> Provided data:
= = =
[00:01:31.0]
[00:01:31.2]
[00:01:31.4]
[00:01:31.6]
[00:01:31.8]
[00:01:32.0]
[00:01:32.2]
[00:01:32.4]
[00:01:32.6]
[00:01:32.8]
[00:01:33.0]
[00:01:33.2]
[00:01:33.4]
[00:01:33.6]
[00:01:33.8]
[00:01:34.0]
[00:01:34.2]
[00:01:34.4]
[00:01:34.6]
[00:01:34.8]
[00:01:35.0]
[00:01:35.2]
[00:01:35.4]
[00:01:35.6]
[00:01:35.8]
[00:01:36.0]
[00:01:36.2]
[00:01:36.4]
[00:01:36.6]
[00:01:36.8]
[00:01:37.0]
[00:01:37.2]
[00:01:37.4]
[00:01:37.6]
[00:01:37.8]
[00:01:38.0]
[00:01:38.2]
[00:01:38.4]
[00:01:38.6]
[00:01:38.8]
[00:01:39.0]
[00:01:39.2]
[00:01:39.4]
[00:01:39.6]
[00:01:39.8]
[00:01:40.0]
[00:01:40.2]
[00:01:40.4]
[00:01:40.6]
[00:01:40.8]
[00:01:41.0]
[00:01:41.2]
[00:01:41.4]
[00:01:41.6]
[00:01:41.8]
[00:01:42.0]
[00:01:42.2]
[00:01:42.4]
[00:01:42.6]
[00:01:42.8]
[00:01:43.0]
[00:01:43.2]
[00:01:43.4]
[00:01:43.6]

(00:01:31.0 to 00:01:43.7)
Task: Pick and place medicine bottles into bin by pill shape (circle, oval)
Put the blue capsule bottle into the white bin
= = =
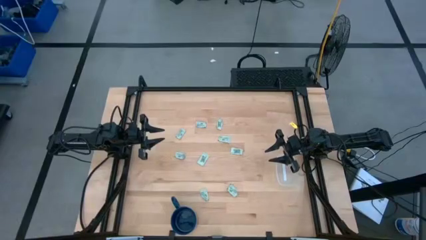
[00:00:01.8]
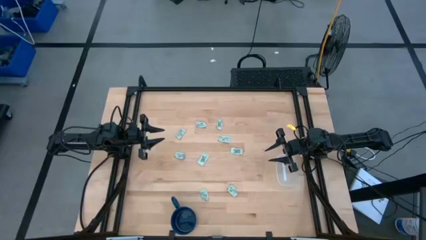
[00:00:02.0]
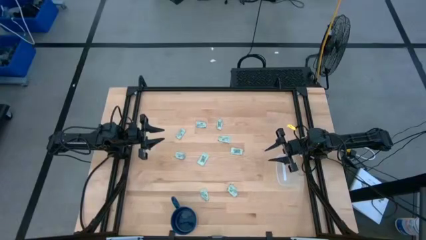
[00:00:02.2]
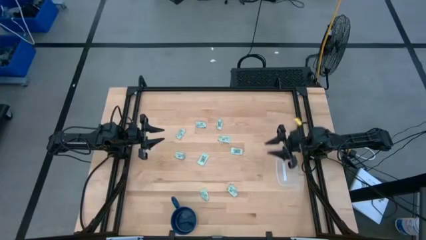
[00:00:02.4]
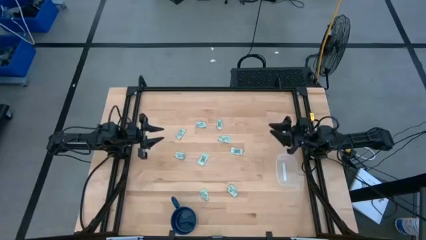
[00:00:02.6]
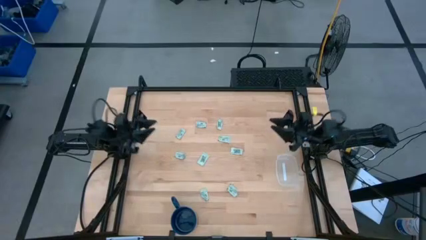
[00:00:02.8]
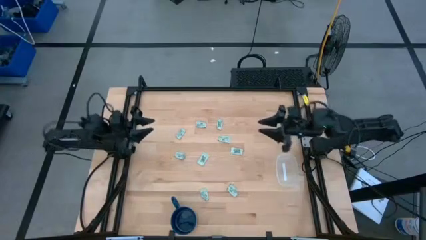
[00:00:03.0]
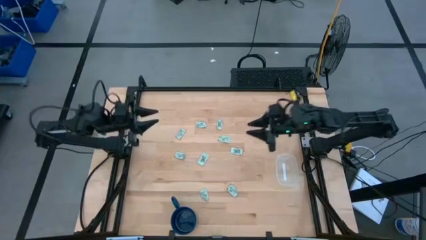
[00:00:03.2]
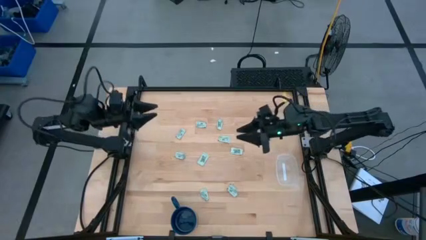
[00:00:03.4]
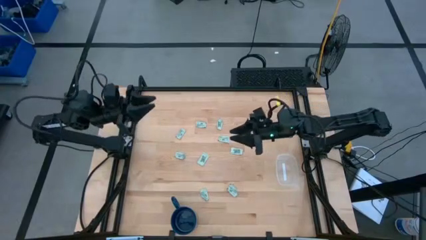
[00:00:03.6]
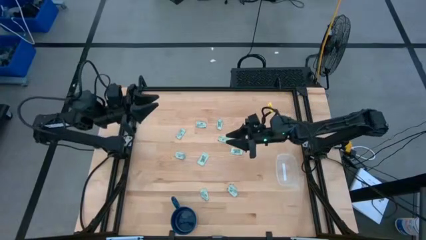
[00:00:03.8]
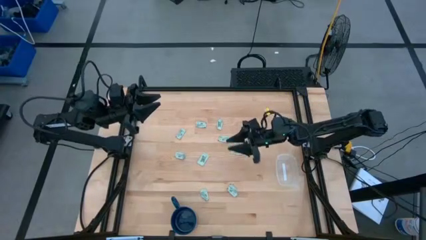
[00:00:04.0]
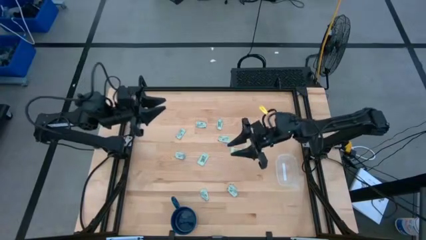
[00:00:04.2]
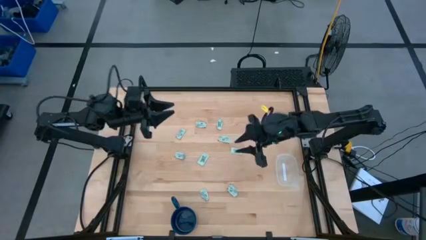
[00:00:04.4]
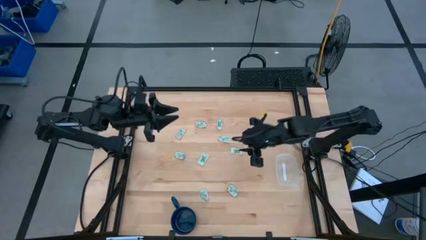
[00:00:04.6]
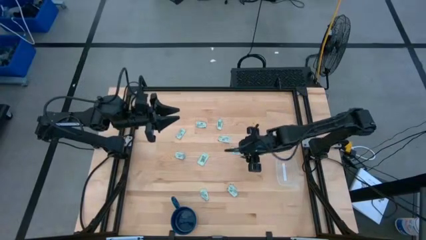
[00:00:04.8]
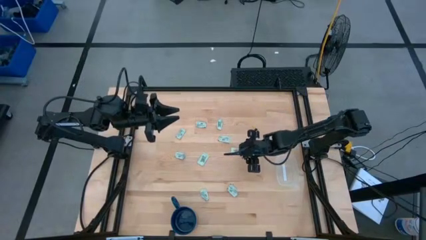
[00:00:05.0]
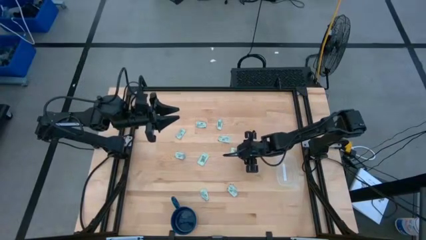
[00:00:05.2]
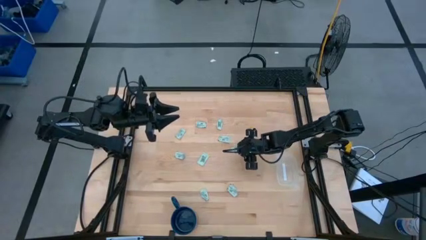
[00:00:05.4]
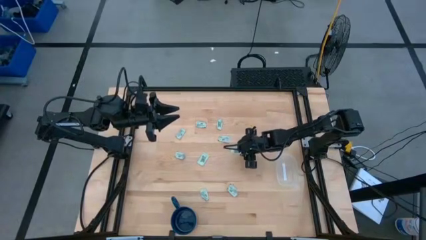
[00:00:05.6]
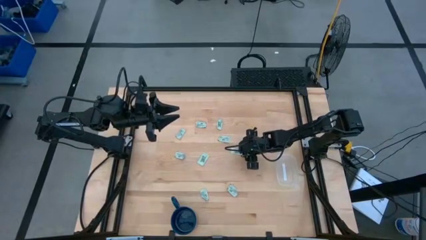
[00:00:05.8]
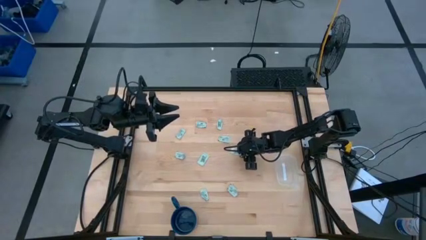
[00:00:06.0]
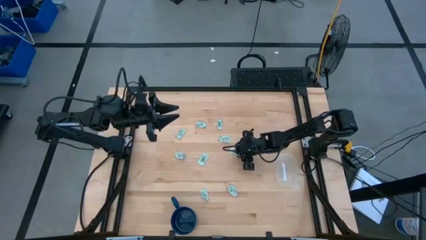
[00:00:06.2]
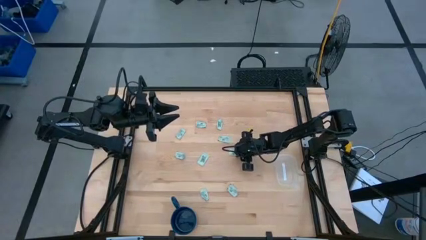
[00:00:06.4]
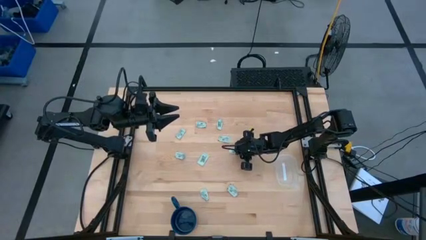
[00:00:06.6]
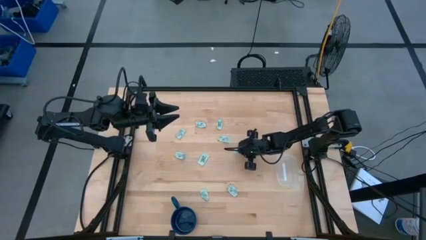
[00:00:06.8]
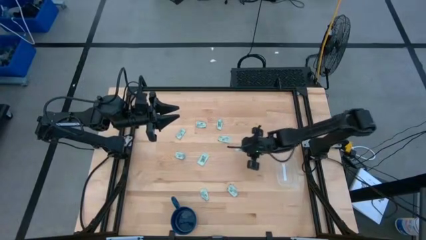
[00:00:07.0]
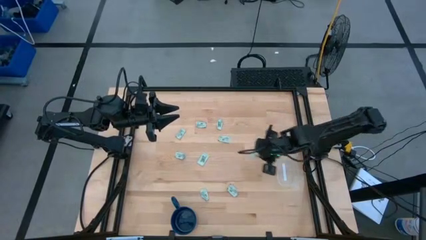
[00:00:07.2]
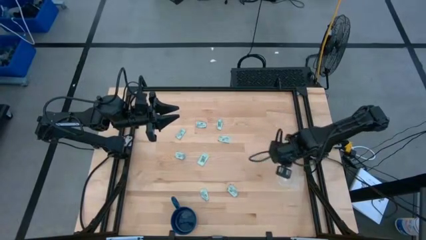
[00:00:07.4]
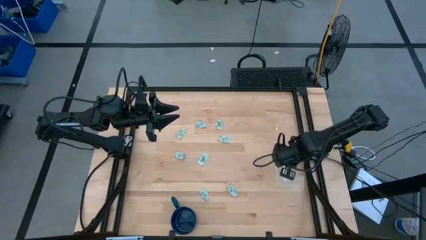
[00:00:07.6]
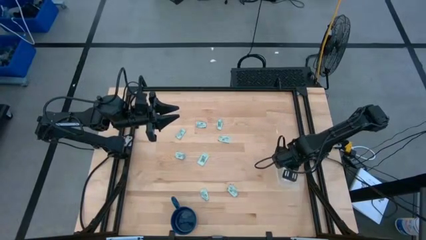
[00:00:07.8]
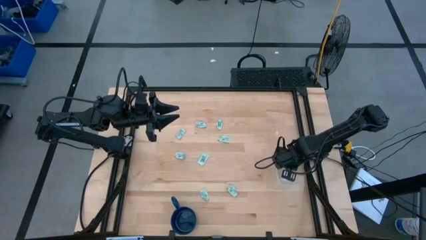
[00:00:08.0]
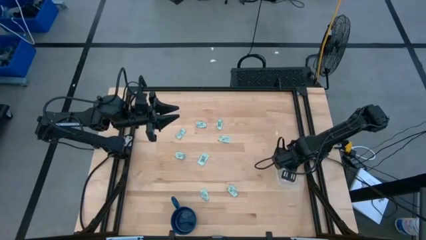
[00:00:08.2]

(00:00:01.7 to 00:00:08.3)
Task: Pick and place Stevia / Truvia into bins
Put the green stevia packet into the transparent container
= = =
> Task goal:
Among the entries above, locate the lines containing "[00:01:31.0]" and "[00:01:34.6]", and transcribe exactly those two lines and all lines between.

> Solution to this problem:
[00:01:31.0]
[00:01:31.2]
[00:01:31.4]
[00:01:31.6]
[00:01:31.8]
[00:01:32.0]
[00:01:32.2]
[00:01:32.4]
[00:01:32.6]
[00:01:32.8]
[00:01:33.0]
[00:01:33.2]
[00:01:33.4]
[00:01:33.6]
[00:01:33.8]
[00:01:34.0]
[00:01:34.2]
[00:01:34.4]
[00:01:34.6]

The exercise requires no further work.